Friday 24 October 2008

Social Audits

For the past month or so I have been working on a report on the use of smartcards to disburse NREGA wages and pensions in AP. (For anyone interested, the report is in the final stages and should be released shortly.) As part of this research, I got the opportunity to travel to several areas in rural AP, visit a few NREGA worksites (though most are shut down this time of year), talk to several NREGA workers, and sit in on the public hearing in which results from a “social audit” of the functioning of NREGA in one mandal were released.

Before traveling to AP, I had read a lot about how AP’s ambitious system of state promoted social audits has led to reduced leakage and increased compliance in the implementation of NREGA. Our own limited experience in the field certainly confirmed these results: not a single person we talked to had been the victim of “skimming” of wages by either a post office employee (wages are typically delivered via post office savings accounts) or an NREGA field supervisor or had even heard of anyone having had a portion of their wages “skimmed.” Further, while some complained that the NREGA field supervisors did not properly inform them of the availability of work, we didn’t find anyone who had been completely barred from working at a worksite. Considering the common perception that post office employees often skim money from illiterate recipients of money orders and that GPs often refuse people NREGA work as it makes it more difficult for them to siphon off funds these results are pretty remarkable.

Yet while AP’s system of NREGA audits certainly seems successful, I had a hard time figuring out what exactly was “social” about the audit process other than the public hearing at the end. The audit was lead by trained auditors employed by a state level agency (the SPIU) who systematically gathered data on a random sample of workers using a standardized process. This all seemed a lot different from the concept of a “social audit” as defined in the NREGA legislation (the act itself defines a social audit to be one in which the gram sabha collects information on the functioning of all worksites in the GP) or from those audits I had read about in the press conducted by NGOs such as MKSS.
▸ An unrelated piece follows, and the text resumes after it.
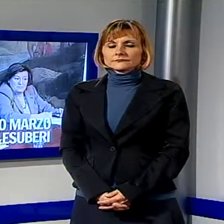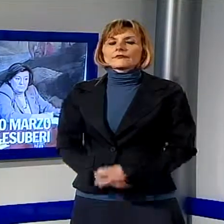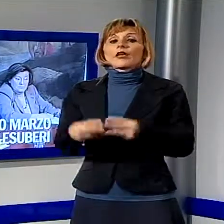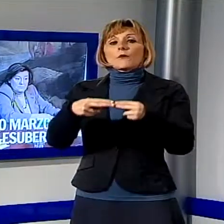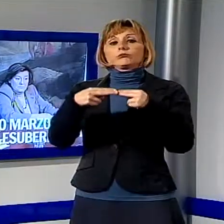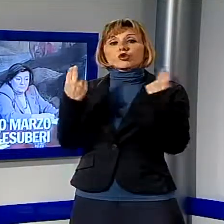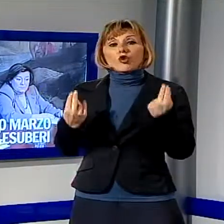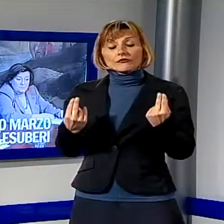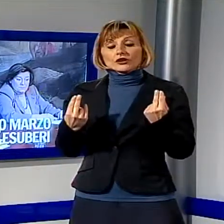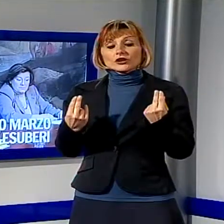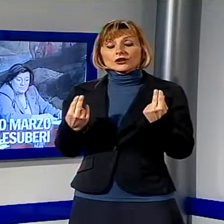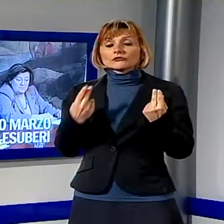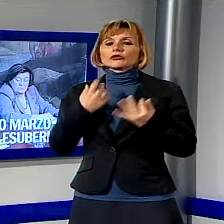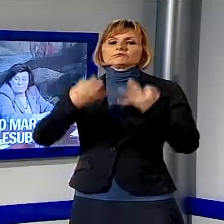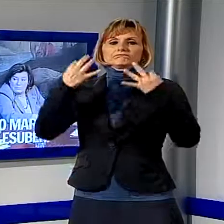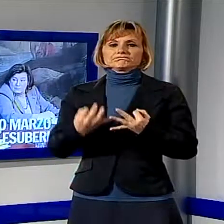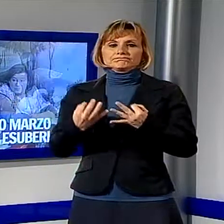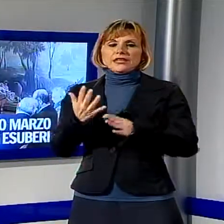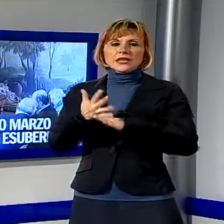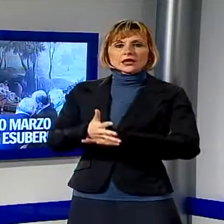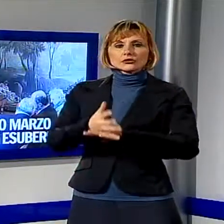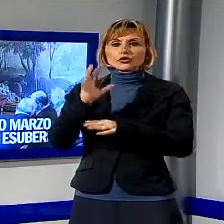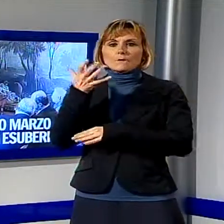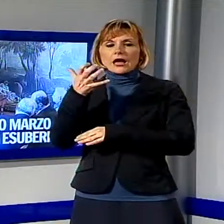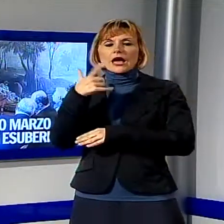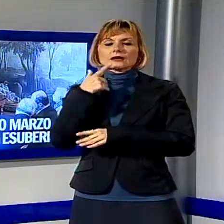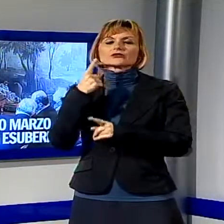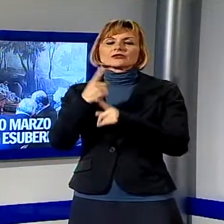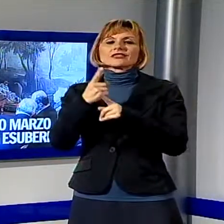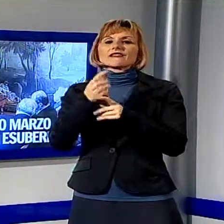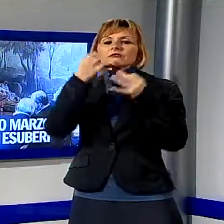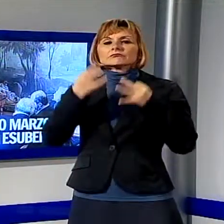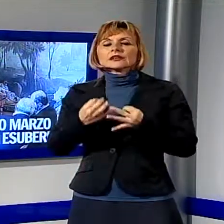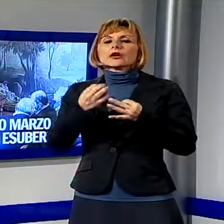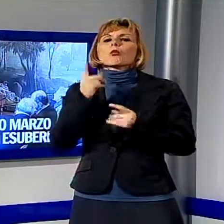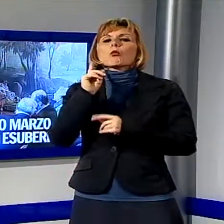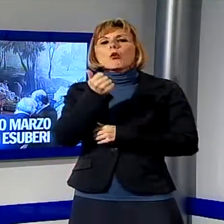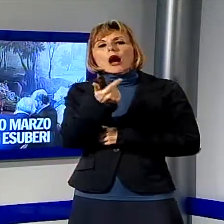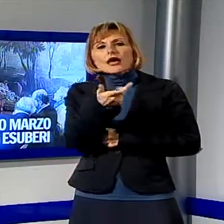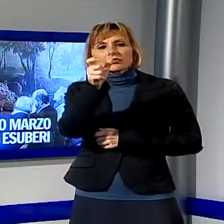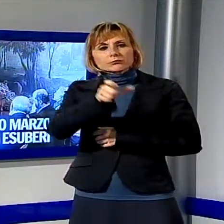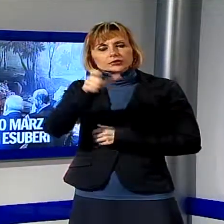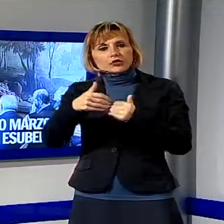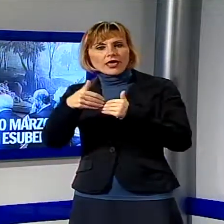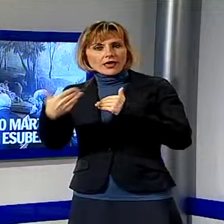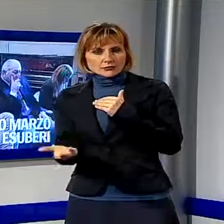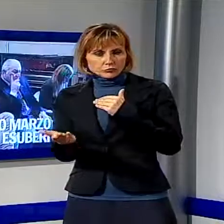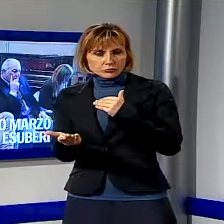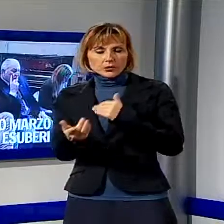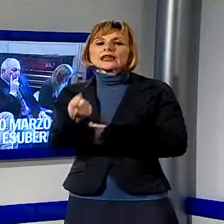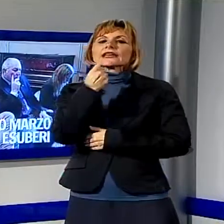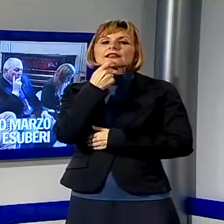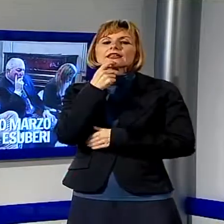Provincia entro marzo si sapranno gli esuberi, Palazzo Ducale dovrà stabilire entro la fine del prossimo mese quali saranno i

It may seem like I’m arguing over semantics, but I think the distinction is pretty important. If AP’s system of audits is successful as it appears, it’s important that we call a brick a brick and label the AP experiment in audits for what it actually is – an internal audit system led by a state agency with results released at local public hearings – so that we don’t make the mistake of attributing the success of the audit system to something which isn’t there.

In fact, it could very well be that it is precisely because the audits are led by state level officials that they are so successful. One thing I noticed during the public hearing of the audit is that the auditors and district officials went pretty easy on offenders as you might expect from government officials. GP officials caught siphoning funds were only told to pay them back. While some may criticize the mildness of the punishment, if punishments are meted out too severely auditors might meet a stone wall the next time they attempt to conduct an audit. Similarly, never were the mandal level or district level officials criticized. Again, this might not be ideal from a fairness perspective, but is important to ensure that other officials at these levels are not afraid of participating in audits in the future.

1 comments:

Suvojit said...

This is a very important observation and indeed is the case with very many development projects in India. In the zeal to promote community participation, policymakers often put in certain clauses which are not necessarily feasible in all projects. Social audits have been shown to be a successful tool in places where the facilitating external agency (itself committed to the philosophy of a social audit) handholds and trains a community to start conducting such exercises. Over time, the community becomes independent and starts doing its own audits. To expect this process to be replicated everywhere, one has to start from the facilitation stage and not expect communities to start auditing everything communally. Again, a community may well be comfortable with the idea of familiar and trustworthy local level government officials handle such project audits - and in these cases, see a mandatory social audit as a waste of time. But in an environment where participation is king, it is hard to make this argument. Ben Olken of J-PAL conducted an experiment where he concluded that the fear of random government audits were far more effective in reducing corruption, as compared to community participatory auditing strategies. While this again may not be the case everywhere, it is good for policymakers to be aware of the contradictions that may emerge in such matters.